Le 17 novembre dernier, l’Assemblée nationale a voté comme un seul homme la proposition de loi du député Sylvain Waserman (Modem). Celle-ci transposait, avec quelques bonus, une directive européenne d’octobre 2019 sur « la protection des personnes qui signalent des violations du droit de l’Union ». Si le choix de proposer un texte plus ambitieux que la norme européenne n’avait alors pas fait débat, il en va autrement du Sénat (dominé par la droite), qui examine le texte en séance depuis hier.

36 associations et syndicats ont appelé à manifester mercredi 19 janvier devant le Sénat © Jean Nicholas Guillo / Greenpeace

Plusieurs mesures-phares ont déjà été biffées par la commission des lois du palais du Luxembourg (voir le comparatif sur le site du Sénat).
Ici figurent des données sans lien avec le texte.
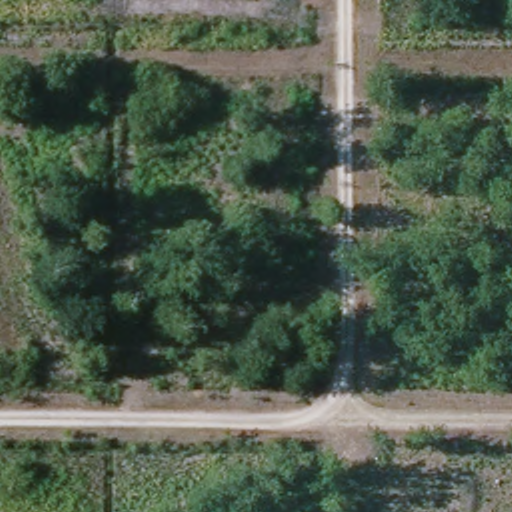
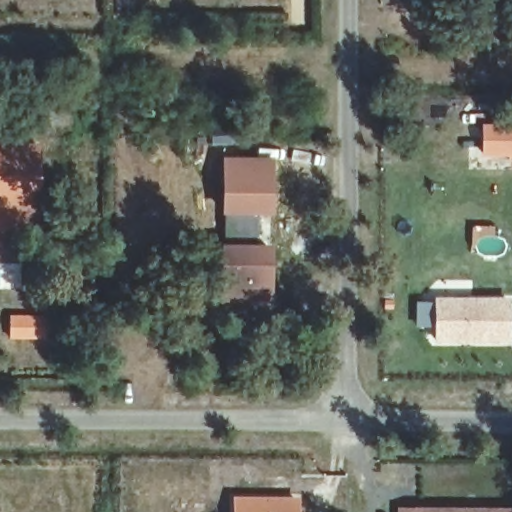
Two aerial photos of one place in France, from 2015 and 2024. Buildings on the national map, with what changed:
new [(512,122),(512,156),(483,156),(481,122),(512,122)]
new [(39,228),(0,229),(0,144),(40,144),(39,228)]
new [(272,215),(260,214),(261,244),(271,244),(271,304),(221,302),(220,245),(226,245),(225,215),(220,214),(222,158),(273,159),(272,215)]
new [(433,344),(434,297),(511,298),(511,345),(433,344)]
new [(232,512),(232,497),(300,497),(299,512),(232,512)]
new [(398,512),(398,509),(512,508),(512,512),(398,512)]

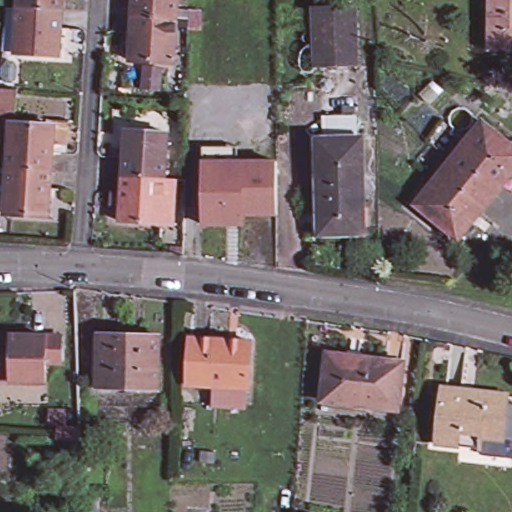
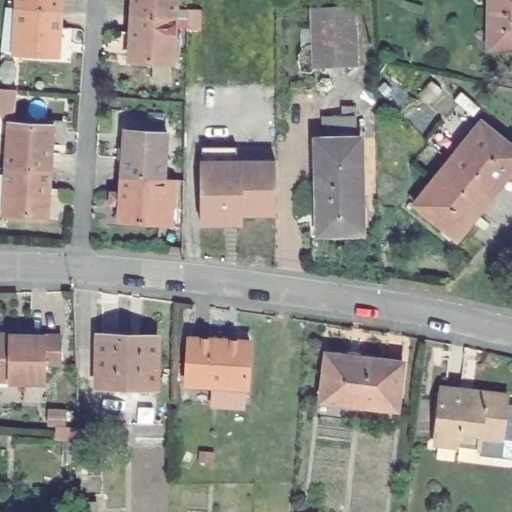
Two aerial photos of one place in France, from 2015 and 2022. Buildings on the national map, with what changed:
unchanged [(18,54),(22,9),(22,0),(64,0),(64,10),(60,56),(18,54)]
unchanged [(132,60),(135,15),(136,0),(180,0),(179,17),(175,64),(132,60)]
unchanged [(402,0),(402,31),(386,31),(386,0),(402,0)]
unchanged [(512,0),(512,43),(491,42),(492,0),(512,0)]
unchanged [(314,10),(356,8),(358,65),(317,65),(314,10)]
unchanged [(0,116),(0,96),(1,88),(20,89),(17,117),(0,116)]
unchanged [(324,115),(351,115),(351,130),(324,131),(324,115)]
unchanged [(13,123),(55,125),(53,171),(31,170),(10,169),(13,123)]
unchanged [(493,199),(451,163),(482,124),(512,148),(512,175),(493,199)]
unchanged [(122,220),(123,204),(113,204),(114,192),(124,192),(125,175),(127,130),(171,132),(167,177),(180,178),(177,224),(164,224),(122,220)]
unchanged [(357,136),(359,232),(314,234),(312,137),(357,136)]
unchanged [(229,227),(227,227),(202,227),(202,165),(202,150),(230,150),(237,150),(237,165),(277,165),(277,217),(242,217),(242,227),(229,227)]
unchanged [(493,199),(460,240),(417,206),(451,163),(493,199)]
unchanged [(50,216),(7,214),(10,169),(31,170),(53,171),(50,216)]
unchanged [(123,396),(123,377),(102,375),(104,323),(163,326),(161,380),(160,398),(123,396)]
unchanged [(0,376),(0,330),(64,335),(62,362),(47,362),(46,380),(0,376)]
unchanged [(213,410),(214,393),(188,391),(190,343),(250,345),(247,395),(247,412),(213,410)]
unchanged [(400,410),(327,401),(332,353),(405,362),(400,410)]
unchanged [(455,435),(455,439),(430,435),(435,378),(503,387),(502,395),(498,433),(477,431),(477,437),(455,435)]
unchanged [(502,395),(512,397),(512,449),(509,451),(480,448),(477,443),(477,437),(477,431),(498,433),(502,395)]
unchanged [(74,423),(54,422),(55,406),(75,407),(74,423)]
unchanged [(87,462),(70,461),(70,439),(87,440),(87,462)]

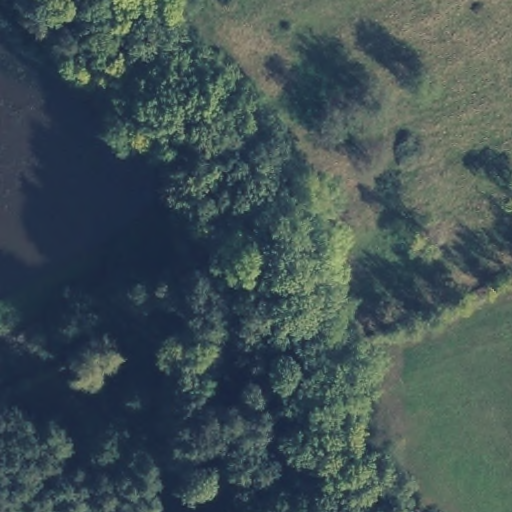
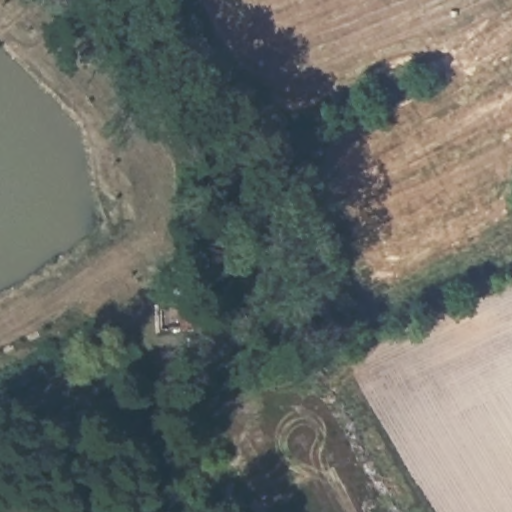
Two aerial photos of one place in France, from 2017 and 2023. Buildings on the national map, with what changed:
unchanged [(191,298),(194,321),(156,323),(155,300),(191,298)]

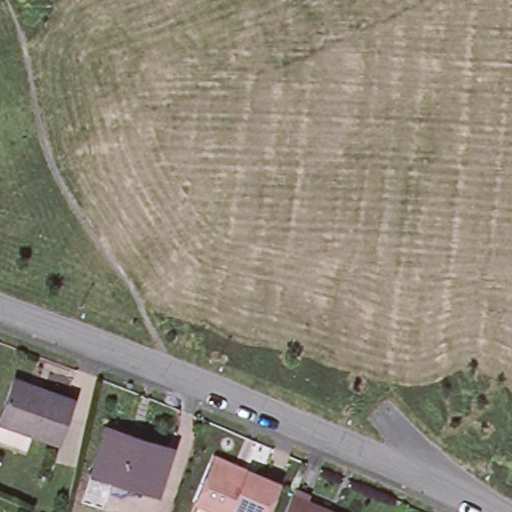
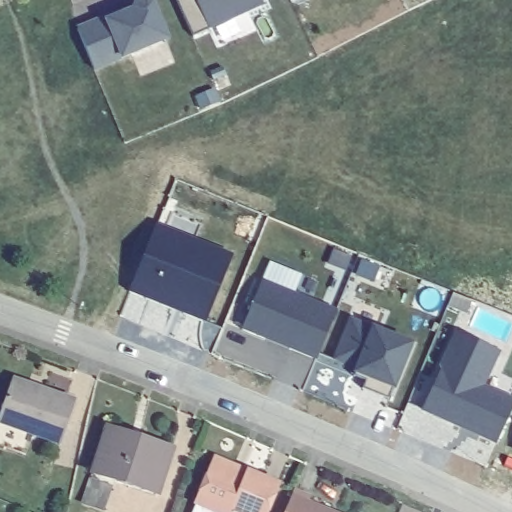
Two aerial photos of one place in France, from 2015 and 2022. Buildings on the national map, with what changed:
new [(121,60),(95,71),(77,27),(133,4),(143,0),(152,0),(155,1),(170,41),(121,60)]
new [(194,35),(178,0),(263,0),(265,2),(194,35)]
new [(206,323),(128,291),(156,222),(234,255),(206,323)]
new [(337,310),(318,357),(244,328),(264,279),(337,310)]
new [(361,365),(339,355),(355,316),(415,340),(392,396),(366,385),(369,378),(357,373),(359,370),(361,365)]
new [(500,350),(484,388),(512,400),(512,411),(497,445),(421,410),(440,368),(455,332),(500,350)]
unchanged [(0,411),(12,376),(14,372),(42,382),(74,393),(59,436),(33,427),(26,447),(0,439),(0,411)]
unchanged [(156,493),(101,475),(91,472),(106,425),(107,420),(142,430),(140,436),(172,446),(156,493)]
unchanged [(231,505),(228,512),(227,512),(192,496),(210,459),(213,452),(246,466),(253,468),(277,478),(273,490),(263,512),(246,512),(231,505)]
unchanged [(310,495),(325,501),(323,506),(336,512),(302,512),(310,495)]

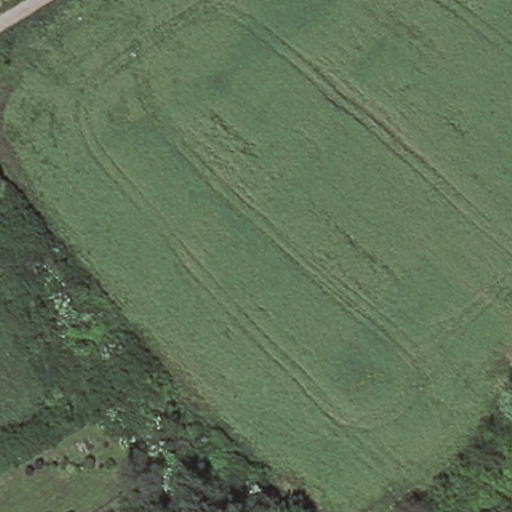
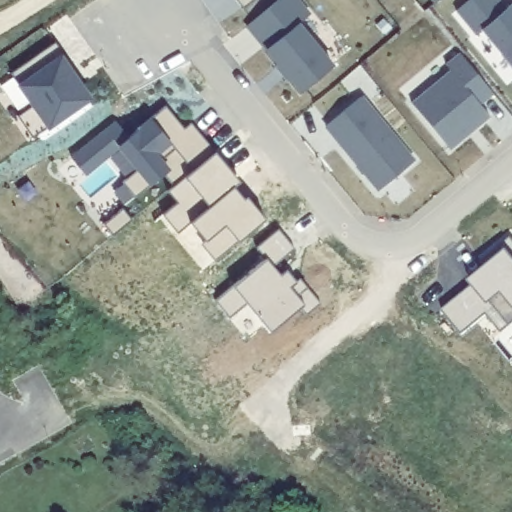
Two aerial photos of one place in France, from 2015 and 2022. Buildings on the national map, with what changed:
new [(254,0),(243,9),(236,0),(254,0)]
new [(300,0),(312,14),(301,24),(334,64),(299,94),(262,50),(247,27),(281,0),(300,0)]
new [(432,0),(441,0),(436,4),(432,0)]
new [(456,11),(470,0),(499,0),(506,9),(512,4),(512,68),(482,31),(476,35),(456,11)]
new [(0,92),(0,82),(55,43),(77,73),(73,76),(89,98),(32,138),(0,92)]
new [(410,103),(450,71),(444,65),(461,52),(495,95),(483,107),(492,117),(449,150),(410,103)]
new [(323,127),(364,93),(416,159),(377,191),(323,127)]
new [(184,130),(192,123),(217,154),(174,189),(163,177),(109,224),(60,171),(117,123),(128,136),(167,107),(184,130)]
new [(217,155),(242,182),(236,187),(245,201),(250,198),(267,221),(216,262),(204,245),(207,241),(192,223),(179,233),(164,215),(179,203),(170,192),(217,155)]
new [(266,259),(256,248),(279,229),(295,249),(273,266),(280,275),(286,270),(295,281),(300,278),(321,304),(307,316),(300,308),(270,333),(247,304),(230,318),(215,301),(266,259)]
new [(489,272),(481,262),(511,238),(512,239),(512,321),(503,328),(490,313),(463,336),(442,311),(489,272)]

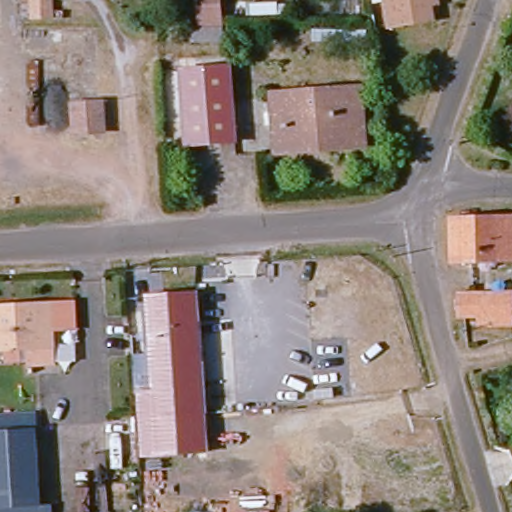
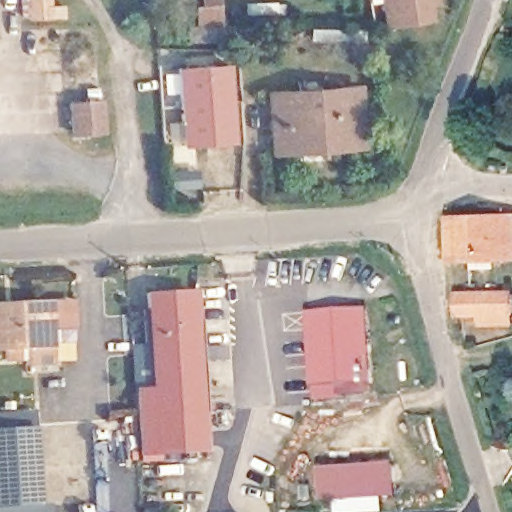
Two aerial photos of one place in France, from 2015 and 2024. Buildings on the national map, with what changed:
unchanged [(51,17),(30,17),(30,0),(51,0),(51,17)]
unchanged [(189,42),(189,26),(200,26),(198,9),(204,7),(204,0),(224,0),(225,26),(222,26),(223,43),(189,42)]
unchanged [(389,26),(385,0),(436,0),(437,3),(429,4),(432,19),(389,26)]
unchanged [(276,13),(253,14),(253,4),(275,4),(276,13)]
unchanged [(239,141),(191,145),(185,70),(185,59),(192,58),(193,70),(234,66),(239,141)]
unchanged [(191,145),(170,146),(165,71),(185,70),(191,145)]
unchanged [(300,155),(276,157),(275,131),(263,132),(262,117),(273,116),(272,100),(359,94),(363,143),(364,151),(300,155)]
unchanged [(104,131),(74,133),(72,104),(101,102),(104,131)]
unchanged [(455,218),(512,217),(512,260),(456,261),(451,261),(450,219),(455,218)]
unchanged [(148,299),(191,296),(194,346),(151,349),(148,299)]
unchanged [(483,320),(464,321),(463,299),(512,299),(512,329),(483,330),(483,320)]
unchanged [(41,364),(39,364),(29,365),(28,348),(18,348),(19,360),(6,361),(5,349),(0,350),(0,307),(6,306),(26,305),(73,303),(74,328),(51,329),(53,346),(52,346),(53,363),(41,364)]
new [(315,400),(309,314),(368,310),(373,396),(315,400)]
unchanged [(202,457),(140,460),(136,396),(154,395),(151,349),(194,346),(202,457)]
unchanged [(38,503),(37,503),(0,506),(0,416),(30,414),(32,431),(33,430),(38,503)]
new [(321,503),(319,471),(395,464),(398,496),(321,503)]
unchanged [(0,512),(0,506),(37,503),(37,512),(0,512)]

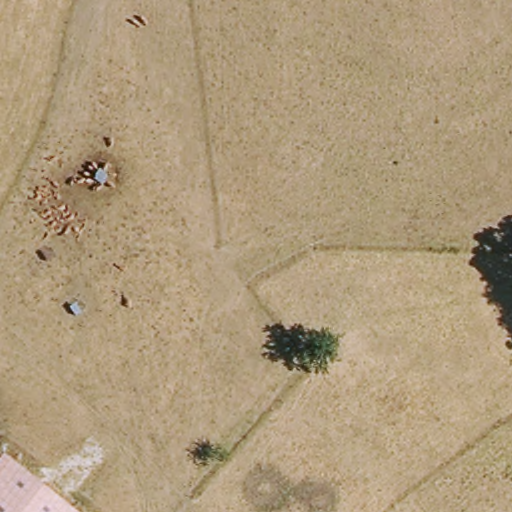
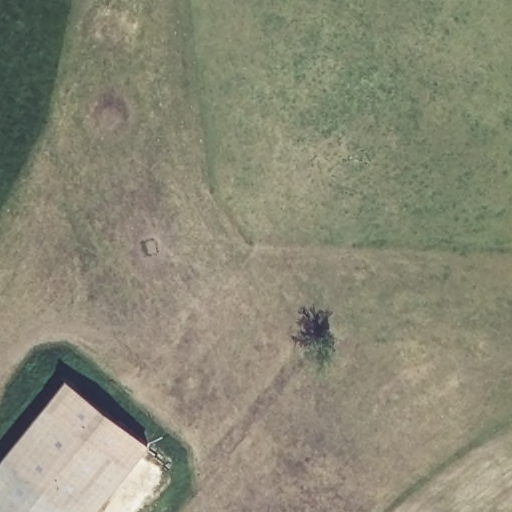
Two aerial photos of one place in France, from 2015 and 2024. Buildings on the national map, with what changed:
new [(46,400),(130,467),(93,512),(79,512),(3,455),(46,400)]
unchanged [(0,512),(0,459),(3,455),(79,512),(0,512)]

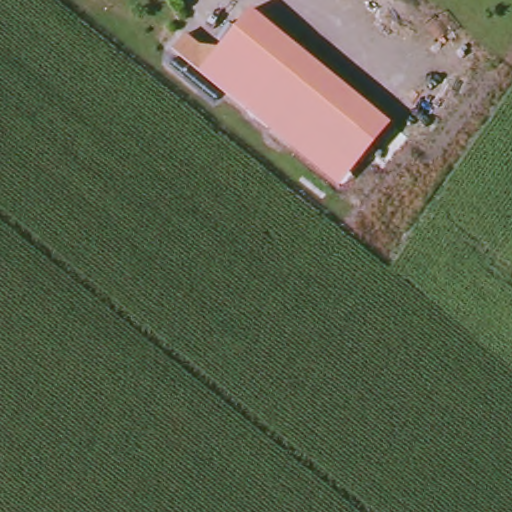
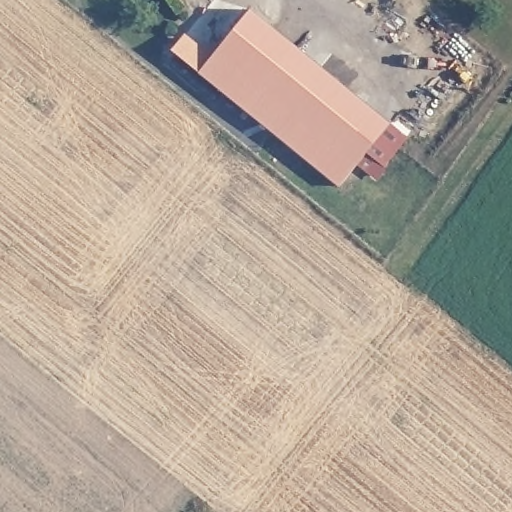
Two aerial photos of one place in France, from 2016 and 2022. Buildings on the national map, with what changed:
unchanged [(394,123),(343,186),(202,72),(254,9),(394,123)]

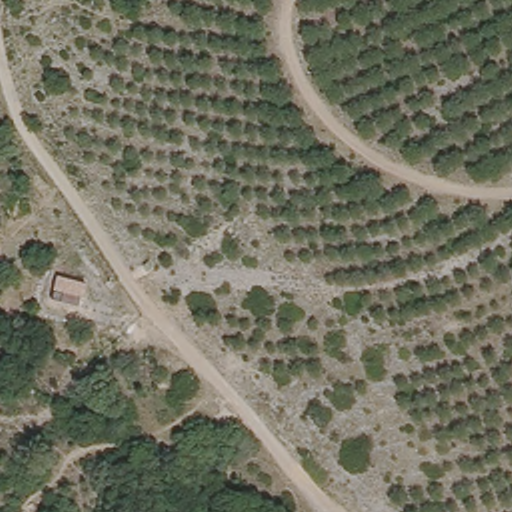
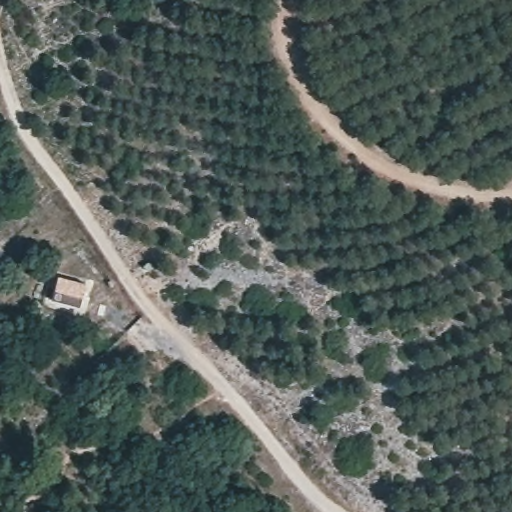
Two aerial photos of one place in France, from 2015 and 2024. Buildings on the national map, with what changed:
unchanged [(55,300),(60,273),(84,280),(79,304),(55,300)]

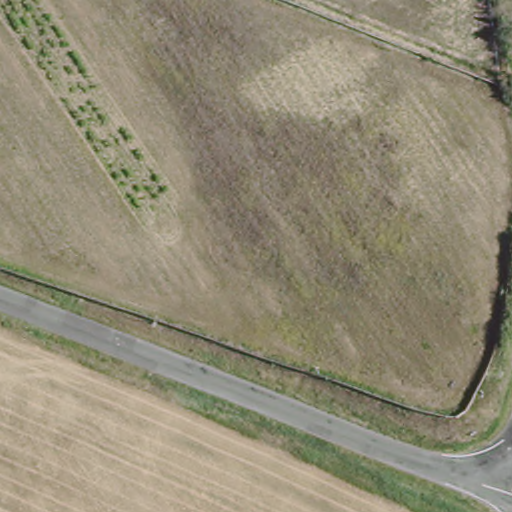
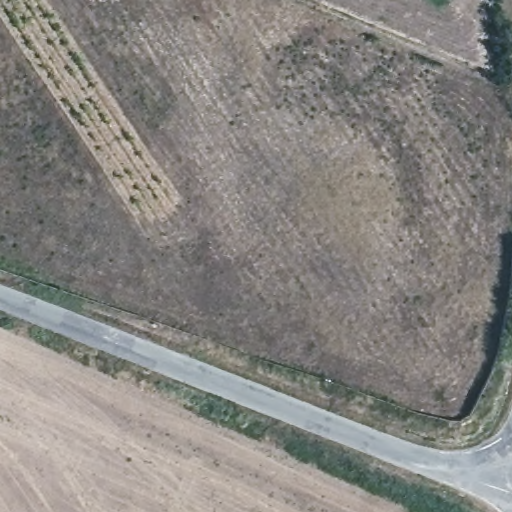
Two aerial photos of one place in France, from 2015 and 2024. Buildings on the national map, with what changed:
[]

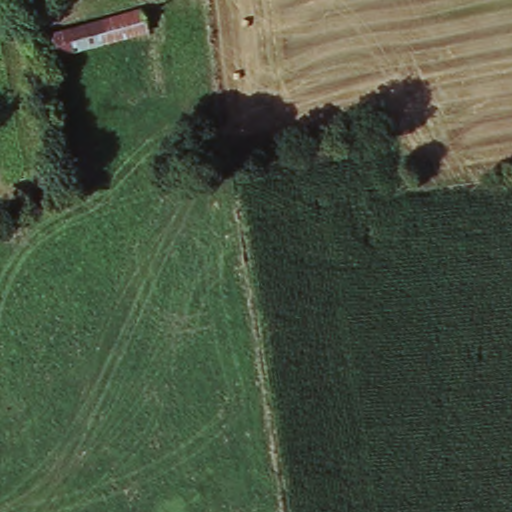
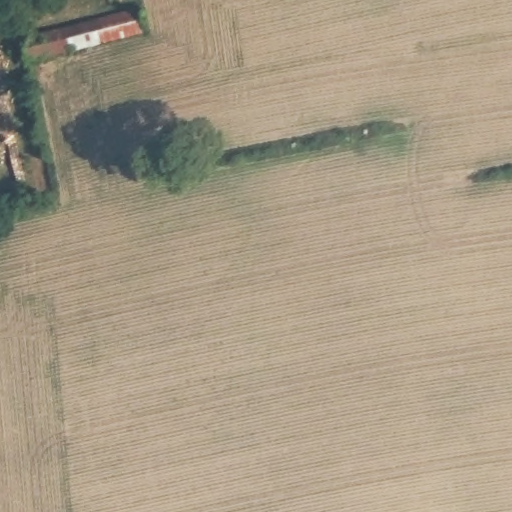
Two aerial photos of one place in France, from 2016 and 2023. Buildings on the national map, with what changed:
unchanged [(145,6),(151,28),(37,63),(30,42),(145,6)]

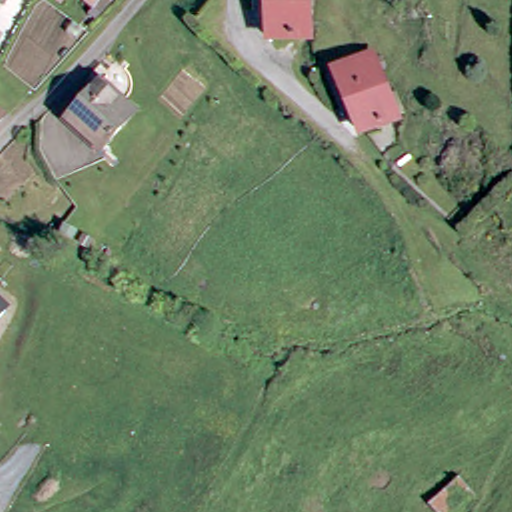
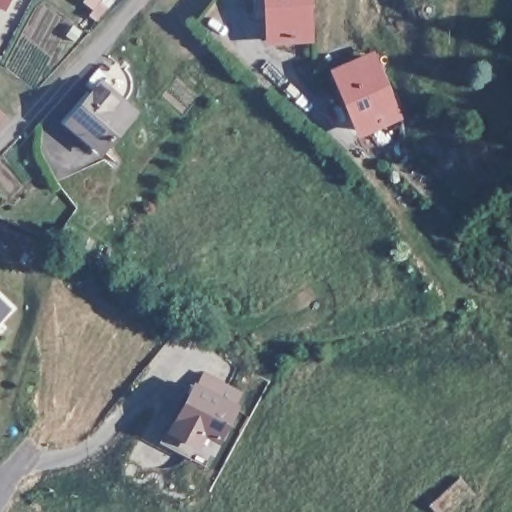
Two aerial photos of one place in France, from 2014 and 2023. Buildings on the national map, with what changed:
unchanged [(0,5),(0,0),(9,0),(5,8),(0,5)]
unchanged [(96,23),(88,17),(92,12),(82,5),(85,0),(110,0),(112,1),(96,23)]
unchanged [(316,36),(280,38),(277,0),(313,0),(316,36)]
unchanged [(372,56),(397,116),(361,131),(335,72),(372,56)]
unchanged [(135,119),(100,155),(67,124),(102,88),(135,119)]
unchanged [(0,129),(0,114),(7,121),(0,129)]
unchanged [(0,314),(0,302),(6,307),(0,314)]
new [(240,404),(219,444),(212,440),(201,461),(161,440),(170,426),(195,380),(240,404)]
unchanged [(441,512),(433,502),(465,476),(485,497),(468,512),(441,512)]

Par exemple, celle-ci propose de restreindre le périmètre des alertes aux seules violations du droit, alors que la version soumise par l’Assemblée nationale prévoyait de pouvoir dénoncer une « menace ou un préjudice pour l’intérêt général ». En clair, les lanceur·ses d’alerte ne pourraient plus dénoncer des pratiques inacceptables si elles sont légales. Parmi celles-ci : l’optimisation fiscale, le broyage des poussins ou encore les effets nocifs de certains produits ou médicaments autorisés.

D’autres amendements prévoient aussi de restreindre le statut de lanceur·se d’alerte aux personnes impliquées dans le cadre de leur activité professionnelle. Ce qui exclurait les victimes (patients, clients) et les associations qui décideraient d’accompagner ces lanceur·ses d’alertes. Si les amendements de la commission des lois sont votés tels quels par le Sénat aujourd’hui, une tentative de conciliation avec l’Assemblée nationale aura lieu dans le cadre d’une commission mixte paritaire. En cas de désaccord, les député·es auront le dernier mot.

Si le risque de voir la protection des lanceurs d’alerte reculer est donc limité, la méfiance du Sénat à l’égard de ces vigies citoyennes pose question. Elles et ils « sont là pour renforcer les systèmes démocratiques, et non les affaiblir », a rappelé la lanceuse d’alerte Emma Reilly lors d’une manifestation organisée hier à Paris (Reporterre). Mais les sénateur·rices semblent avoir été davantage sensibles aux arguments de l’agro-industrie, contenus dans des mails et des propositions révélés par Mediapart en décembre dernier.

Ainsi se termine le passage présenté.